Before 1967, Judea and Samaria were annexed by Jordan, and the Gaza Strip was under Egyptian control. Neither Arab state created a sovereign “Palestinian” entity there.

Before that, the area was “owned” by the British Mandate, and before that, the Ottoman Empire. There has never been an independent “Palestinian” state whose recognized sovereign territory Israel is supposedly occupying.

Yet by repeating “occupied Palestinian territories,” these activists import a package deal: that there once was a “Palestinian” state; that the land in question is inherently and exclusively “Palestinian,” despite its deep Jewish history; and that Israel’s presence there is automatically illegal, regardless of how it came about or what the real legal debates are.

The phrase “occupied Palestinian territories” is not neutral; it is a weapon. It erases Jewish indigeneity to places whose Hebrew names — Judea and Samaria — tell their own story. It suggests that Jews crossing an invisible line on the western bank of the Jordan River are “settlers,” while Arabs are always “natives,” no matter when their families arrived. On campus and in much of the media, this vocabulary is treated as settled fact. But that’s not truth — it’s narrative.

From the seminar room to the street

Weaponized language does not stay confined to UN resolutions or academic journals. It shapes how ordinary people think and feel.

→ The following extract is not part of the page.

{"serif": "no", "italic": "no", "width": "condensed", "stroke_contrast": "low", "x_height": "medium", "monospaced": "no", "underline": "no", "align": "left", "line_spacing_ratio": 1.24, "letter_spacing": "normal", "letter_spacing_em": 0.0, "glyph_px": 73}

When a student hears, year after year, that Israel is a “settler-colonial” project oppressing “indigenous Palestinians,” he or she is being given a moral script: Jews are the guilty party; Arab violence is an understandable reaction to “occupation”; and terrorism against Jews is justified “resistance.”

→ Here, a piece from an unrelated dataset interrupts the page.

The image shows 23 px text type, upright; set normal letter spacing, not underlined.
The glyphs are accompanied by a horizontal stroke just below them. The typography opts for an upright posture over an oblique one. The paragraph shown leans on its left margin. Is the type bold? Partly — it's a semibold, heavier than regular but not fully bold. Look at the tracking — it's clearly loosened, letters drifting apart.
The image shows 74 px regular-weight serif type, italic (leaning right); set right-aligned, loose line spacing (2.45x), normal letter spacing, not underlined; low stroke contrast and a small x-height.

So what can be done? We cannot force hostile actors to abandon terms that serve their agenda. But we can stop doing their work for them.

First, we must recognize that words like “Palestinian,” “occupation,” and “settler-colonialism” are not neutral. They come packaged with stories about history, power, and morality. If those stories are false or one-sided, we have a responsibility to say so.

Second, we should speak accurately about the land itself. Instead of reflexively saying “West Bank,” we can talk about Judea and Samaria, or at least about disputed territories captured in a defensive war, rather than “occupied Palestinian territories.” Rather than treating “Palestinian” as a synonym for indigeneity, we can speak of Arab residents of Judea and Samaria and Arab Israelis, alongside Jewish communities with deep roots there. Third, we should unapologetically affirm Jewish indigeneity. Jews are not recent “European imports” into the Middle East. Our ancestral language, scriptures, and rituals are woven into the geography of Israel itself. The burden of proof should not rest on Jews to justify their presence in Jerusalem, Hebron, or Shiloh.

Finally, communal leaders, journalists, and educators must become more intentional about the language they use. It is not pedantic to insist on accurate terminology. It is strategic.

If we care about truth — and about the safety and legitimacy of the Jewish people — we cannot afford to keep speaking in our adversaries’ vocabulary. In every generation, Jews have had to push back against efforts to write us out of our own story. Today, that effort happens with hashtags, slogans, and selective “human rights” language, as much as with bullets and rockets.

We do not have to accept a dictionary written by those who want to annihilate us. We can tell the truth plainly: Jews are indigenous to the Land of Israel, and we will not surrender that reality to anyone’s branding campaign — no matter how sophisticated their propaganda might be.


David E. Firester, Ph.D., is the Founder and CEO of TRAC Intelligence, LLC, and the author of Failure to Adapt: How Strategic Blindness Undermines Intelligence, Warfare, and Perception (2025).